> [Task instructions]: Starting at the first line of the entries below, please return exactly each line up to and including the one with "<!-- Community Hub -->"; pictures stay out.

□ □ □ □

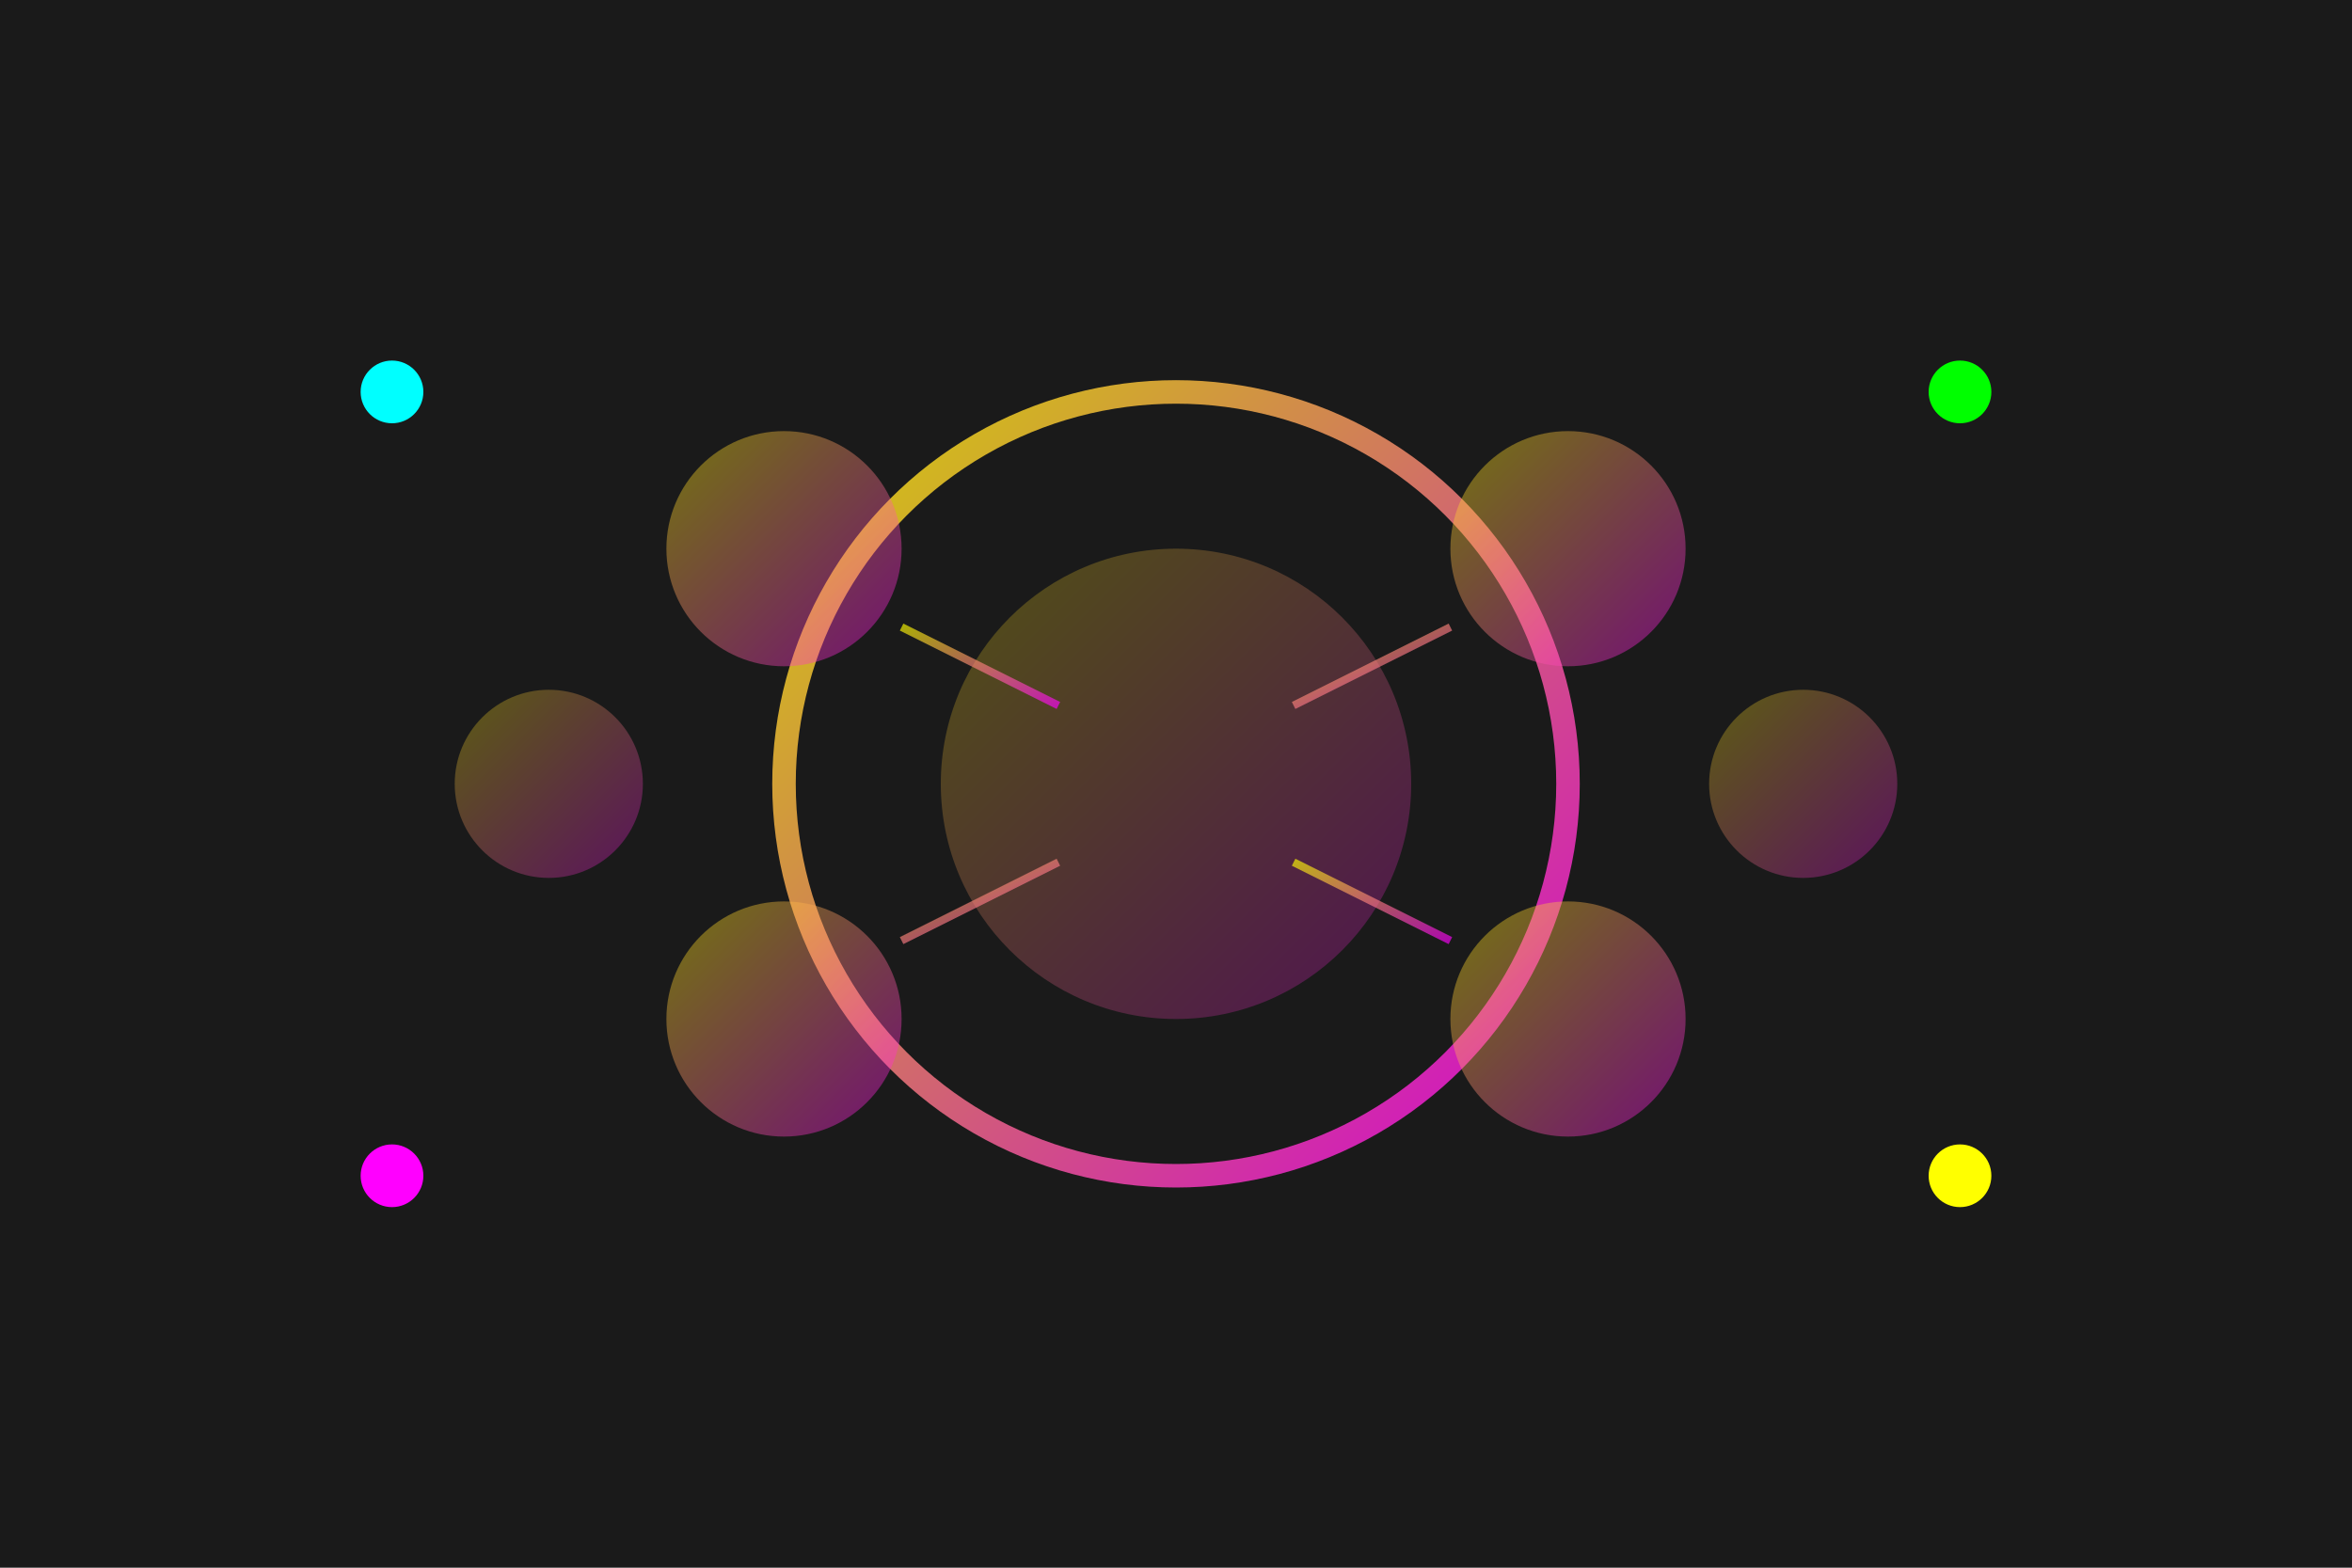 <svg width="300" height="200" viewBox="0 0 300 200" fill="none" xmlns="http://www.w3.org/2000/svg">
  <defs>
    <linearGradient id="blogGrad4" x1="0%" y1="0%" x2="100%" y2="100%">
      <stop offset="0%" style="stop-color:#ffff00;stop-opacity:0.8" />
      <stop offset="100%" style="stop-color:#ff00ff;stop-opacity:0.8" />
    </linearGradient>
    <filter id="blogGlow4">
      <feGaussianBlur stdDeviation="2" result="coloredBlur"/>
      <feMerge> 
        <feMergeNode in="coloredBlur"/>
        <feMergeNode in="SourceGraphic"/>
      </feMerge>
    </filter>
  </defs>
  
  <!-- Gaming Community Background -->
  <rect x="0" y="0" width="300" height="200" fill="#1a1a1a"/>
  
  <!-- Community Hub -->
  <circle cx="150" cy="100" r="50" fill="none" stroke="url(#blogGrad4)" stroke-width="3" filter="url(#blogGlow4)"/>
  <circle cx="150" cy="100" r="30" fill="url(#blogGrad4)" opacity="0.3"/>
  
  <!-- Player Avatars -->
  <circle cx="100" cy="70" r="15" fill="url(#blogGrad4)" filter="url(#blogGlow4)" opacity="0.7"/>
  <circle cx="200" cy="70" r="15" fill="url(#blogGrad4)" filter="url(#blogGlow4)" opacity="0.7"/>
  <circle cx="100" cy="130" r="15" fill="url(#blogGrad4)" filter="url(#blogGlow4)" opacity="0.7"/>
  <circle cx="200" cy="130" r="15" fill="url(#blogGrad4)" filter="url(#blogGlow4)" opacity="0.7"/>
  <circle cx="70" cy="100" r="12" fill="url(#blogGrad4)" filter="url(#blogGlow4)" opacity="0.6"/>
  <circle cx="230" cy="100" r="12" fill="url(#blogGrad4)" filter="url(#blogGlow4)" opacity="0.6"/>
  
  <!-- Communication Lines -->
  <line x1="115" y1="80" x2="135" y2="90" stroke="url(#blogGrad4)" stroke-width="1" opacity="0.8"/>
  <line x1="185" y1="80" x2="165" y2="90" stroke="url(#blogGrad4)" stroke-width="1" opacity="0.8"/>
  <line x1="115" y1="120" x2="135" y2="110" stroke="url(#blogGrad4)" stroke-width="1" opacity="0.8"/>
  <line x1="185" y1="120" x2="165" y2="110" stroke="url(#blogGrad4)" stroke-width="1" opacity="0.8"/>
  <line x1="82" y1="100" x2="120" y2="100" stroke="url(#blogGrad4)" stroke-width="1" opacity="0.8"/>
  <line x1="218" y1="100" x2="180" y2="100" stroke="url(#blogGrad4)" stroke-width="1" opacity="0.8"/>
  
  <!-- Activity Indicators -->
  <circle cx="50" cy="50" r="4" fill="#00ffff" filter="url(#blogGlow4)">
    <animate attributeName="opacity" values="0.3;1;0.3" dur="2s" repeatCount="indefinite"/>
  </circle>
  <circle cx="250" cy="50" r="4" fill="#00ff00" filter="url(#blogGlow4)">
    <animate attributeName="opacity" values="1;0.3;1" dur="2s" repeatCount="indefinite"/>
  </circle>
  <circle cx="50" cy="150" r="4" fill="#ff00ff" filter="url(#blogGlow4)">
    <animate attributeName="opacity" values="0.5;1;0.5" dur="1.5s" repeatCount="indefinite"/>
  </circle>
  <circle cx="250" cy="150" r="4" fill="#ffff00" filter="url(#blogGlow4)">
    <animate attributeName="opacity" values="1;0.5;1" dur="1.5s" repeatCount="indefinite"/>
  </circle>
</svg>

□ □ □ □

> [Task output]:
 <svg width="300" height="200" viewBox="0 0 300 200" fill="none" xmlns="http://www.w3.org/2000/svg">
  <defs>
    <linearGradient id="blogGrad4" x1="0%" y1="0%" x2="100%" y2="100%">
      <stop offset="0%" style="stop-color:#ffff00;stop-opacity:0.8" />
      <stop offset="100%" style="stop-color:#ff00ff;stop-opacity:0.8" />
    </linearGradient>
    <filter id="blogGlow4">
      <feGaussianBlur stdDeviation="2" result="coloredBlur"/>
      <feMerge> 
        <feMergeNode in="coloredBlur"/>
        <feMergeNode in="SourceGraphic"/>
      </feMerge>
    </filter>
  </defs>
  
  <!-- Gaming Community Background -->
  <rect x="0" y="0" width="300" height="200" fill="#1a1a1a"/>
  
  <!-- Community Hub -->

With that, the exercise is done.